● **EXERCISE DESCRIPTION**: Each time a line of the listing holds "aerial", copy that line.

______

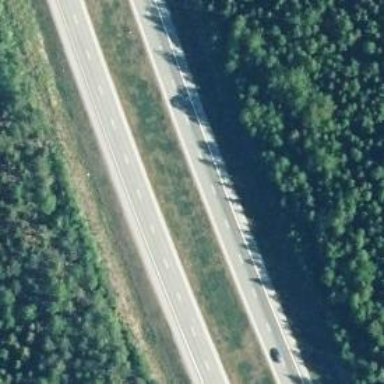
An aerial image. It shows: Asphalt motorway.
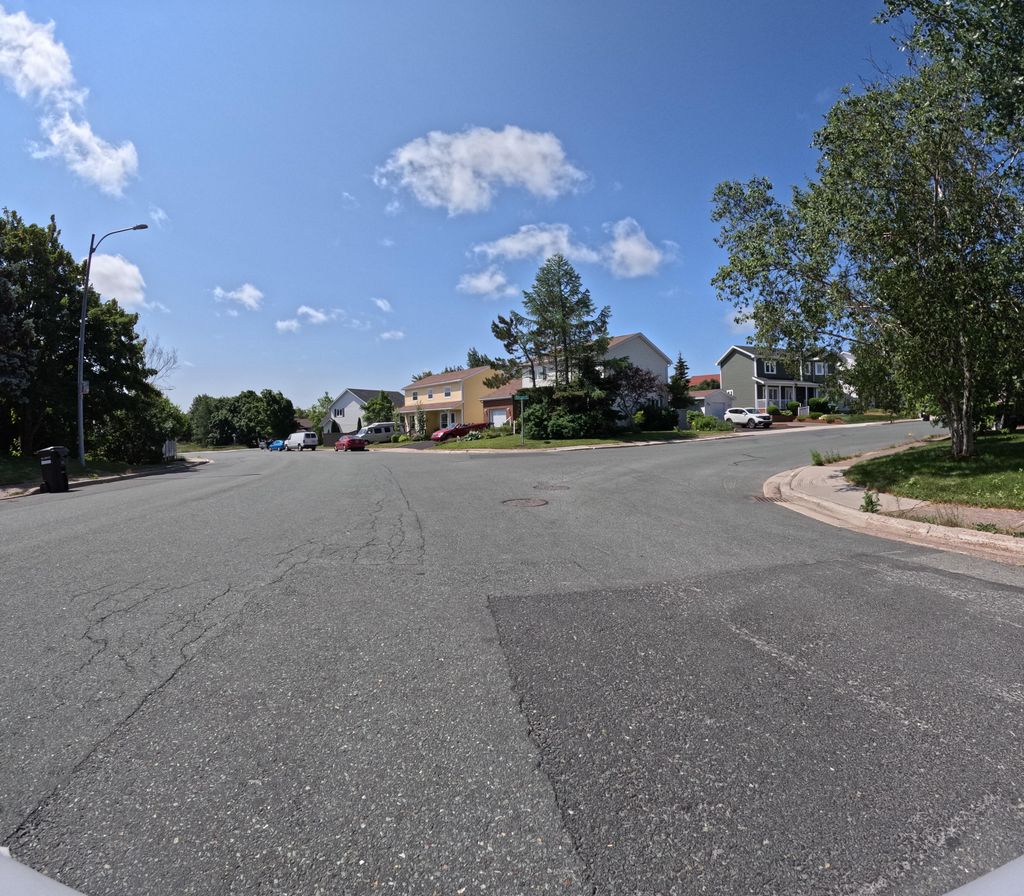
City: st_johns
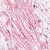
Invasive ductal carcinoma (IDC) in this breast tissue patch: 0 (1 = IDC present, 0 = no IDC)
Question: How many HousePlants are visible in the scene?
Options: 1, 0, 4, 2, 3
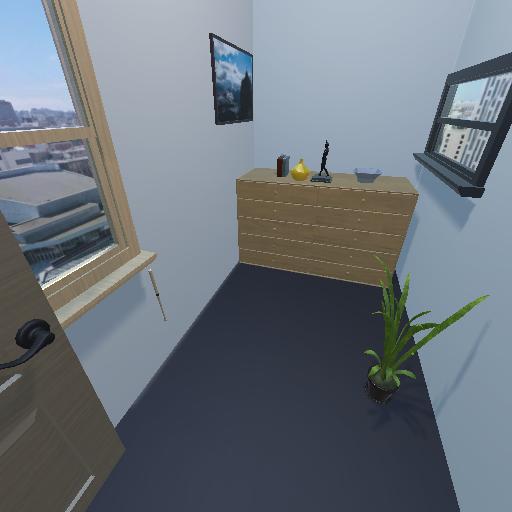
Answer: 1
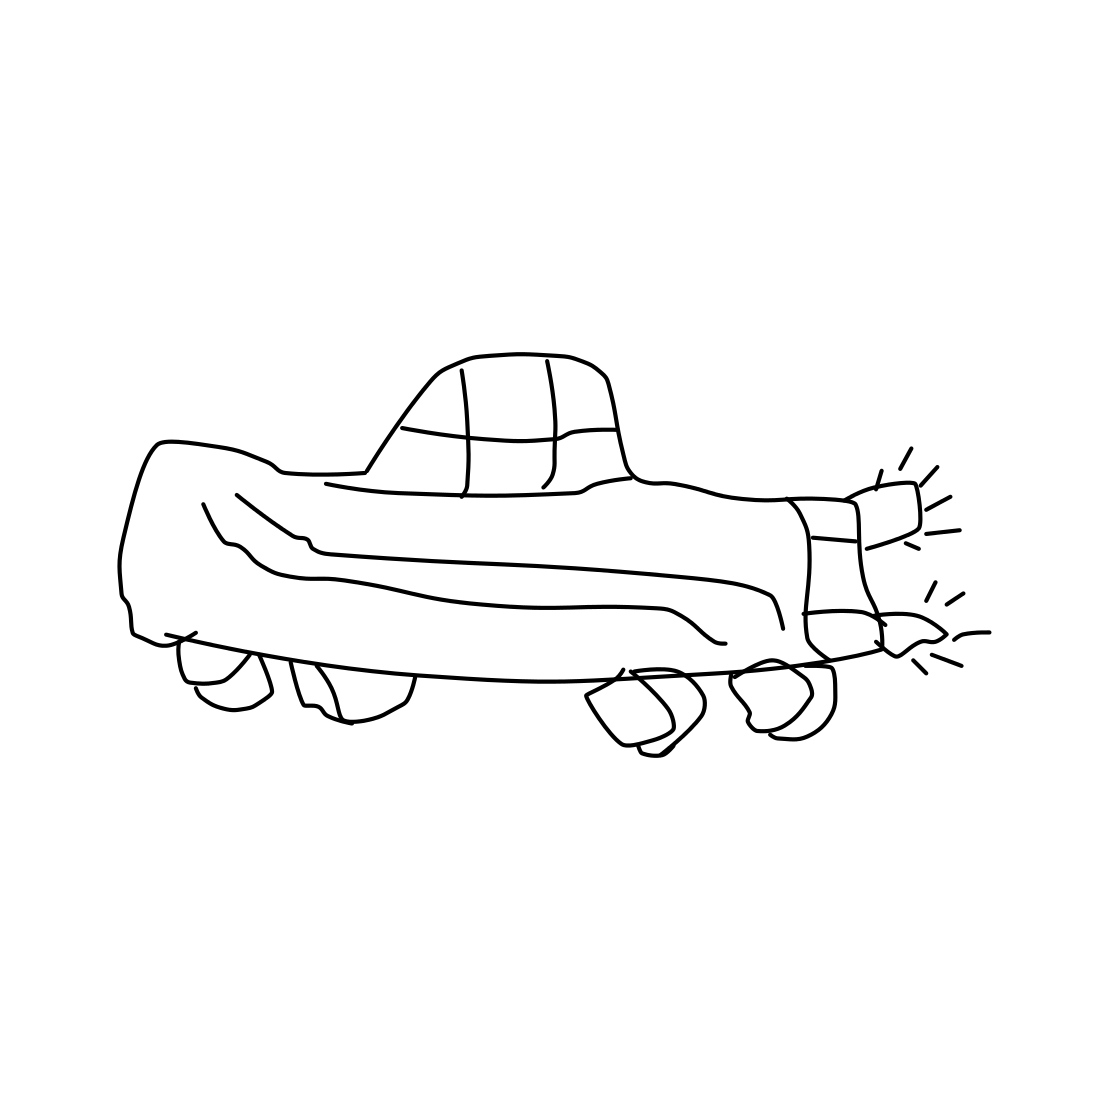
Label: race car
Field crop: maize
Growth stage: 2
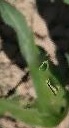
Species: maize
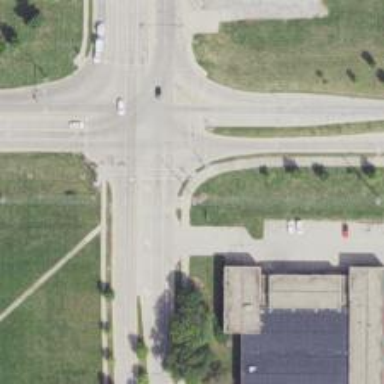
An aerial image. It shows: Marked crossing on the road.
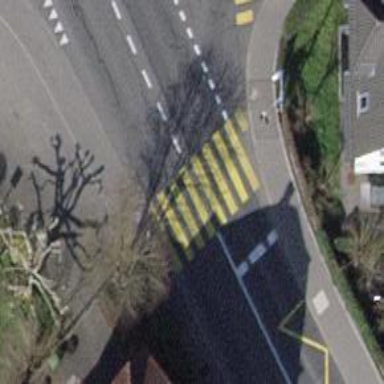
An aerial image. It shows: Zebra crossing on the road.

______

● **SOLUTION TO THIS PROBLEM**:
An aerial image. It shows: Asphalt motorway.
An aerial image. It shows: Marked crossing on the road.
An aerial image. It shows: Zebra crossing on the road.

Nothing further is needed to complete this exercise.